> **Problem to solve**:
Retyping the data exactly is the task. Include every line.
======== Exercise material ========
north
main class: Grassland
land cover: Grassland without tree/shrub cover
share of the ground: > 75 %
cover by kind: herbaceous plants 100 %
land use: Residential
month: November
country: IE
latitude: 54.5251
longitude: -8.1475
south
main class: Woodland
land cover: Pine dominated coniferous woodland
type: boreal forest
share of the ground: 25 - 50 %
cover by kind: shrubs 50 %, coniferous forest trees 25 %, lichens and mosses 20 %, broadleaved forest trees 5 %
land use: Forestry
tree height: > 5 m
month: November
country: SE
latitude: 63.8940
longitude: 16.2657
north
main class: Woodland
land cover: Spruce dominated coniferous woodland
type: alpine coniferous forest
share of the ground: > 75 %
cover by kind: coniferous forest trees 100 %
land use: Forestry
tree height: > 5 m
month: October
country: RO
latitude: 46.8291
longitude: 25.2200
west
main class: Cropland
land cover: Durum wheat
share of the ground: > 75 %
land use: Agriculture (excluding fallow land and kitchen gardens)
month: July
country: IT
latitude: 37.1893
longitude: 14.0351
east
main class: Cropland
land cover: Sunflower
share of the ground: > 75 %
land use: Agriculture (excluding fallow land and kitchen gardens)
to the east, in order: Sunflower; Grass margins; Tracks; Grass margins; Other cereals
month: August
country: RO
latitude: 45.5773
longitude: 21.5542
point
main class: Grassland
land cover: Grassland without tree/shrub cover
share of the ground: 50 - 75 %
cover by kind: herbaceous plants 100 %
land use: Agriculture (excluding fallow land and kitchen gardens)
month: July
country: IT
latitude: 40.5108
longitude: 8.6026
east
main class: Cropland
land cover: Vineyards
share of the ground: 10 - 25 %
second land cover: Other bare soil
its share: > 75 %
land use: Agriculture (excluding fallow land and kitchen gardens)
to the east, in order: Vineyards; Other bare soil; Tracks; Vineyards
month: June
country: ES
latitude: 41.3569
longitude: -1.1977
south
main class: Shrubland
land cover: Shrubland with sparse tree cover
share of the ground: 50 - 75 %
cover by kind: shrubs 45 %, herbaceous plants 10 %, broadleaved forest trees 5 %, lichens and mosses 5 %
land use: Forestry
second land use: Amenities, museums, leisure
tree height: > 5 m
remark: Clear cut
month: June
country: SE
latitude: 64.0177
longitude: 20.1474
========
> **Solution for this exercise**:
north
main class: Grassland
land cover: Grassland without tree/shrub cover
share of the ground: > 75 %
cover by kind: herbaceous plants 100 %
land use: Residential
month: November
country: IE
latitude: 54.5251
longitude: -8.1475
south
main class: Woodland
land cover: Pine dominated coniferous woodland
type: boreal forest
share of the ground: 25 - 50 %
cover by kind: shrubs 50 %, coniferous forest trees 25 %, lichens and mosses 20 %, broadleaved forest trees 5 %
land use: Forestry
tree height: > 5 m
month: November
country: SE
latitude: 63.8940
longitude: 16.2657
north
main class: Woodland
land cover: Spruce dominated coniferous woodland
type: alpine coniferous forest
share of the ground: > 75 %
cover by kind: coniferous forest trees 100 %
land use: Forestry
tree height: > 5 m
month: October
country: RO
latitude: 46.8291
longitude: 25.2200
west
main class: Cropland
land cover: Durum wheat
share of the ground: > 75 %
land use: Agriculture (excluding fallow land and kitchen gardens)
month: July
country: IT
latitude: 37.1893
longitude: 14.0351
east
main class: Cropland
land cover: Sunflower
share of the ground: > 75 %
land use: Agriculture (excluding fallow land and kitchen gardens)
to the east, in order: Sunflower; Grass margins; Tracks; Grass margins; Other cereals
month: August
country: RO
latitude: 45.5773
longitude: 21.5542
point
main class: Grassland
land cover: Grassland without tree/shrub cover
share of the ground: 50 - 75 %
cover by kind: herbaceous plants 100 %
land use: Agriculture (excluding fallow land and kitchen gardens)
month: July
country: IT
latitude: 40.5108
longitude: 8.6026
east
main class: Cropland
land cover: Vineyards
share of the ground: 10 - 25 %
second land cover: Other bare soil
its share: > 75 %
land use: Agriculture (excluding fallow land and kitchen gardens)
to the east, in order: Vineyards; Other bare soil; Tracks; Vineyards
month: June
country: ES
latitude: 41.3569
longitude: -1.1977
south
main class: Shrubland
land cover: Shrubland with sparse tree cover
share of the ground: 50 - 75 %
cover by kind: shrubs 45 %, herbaceous plants 10 %, broadleaved forest trees 5 %, lichens and mosses 5 %
land use: Forestry
second land use: Amenities, museums, leisure
tree height: > 5 m
remark: Clear cut
month: June
country: SE
latitude: 64.0177
longitude: 20.1474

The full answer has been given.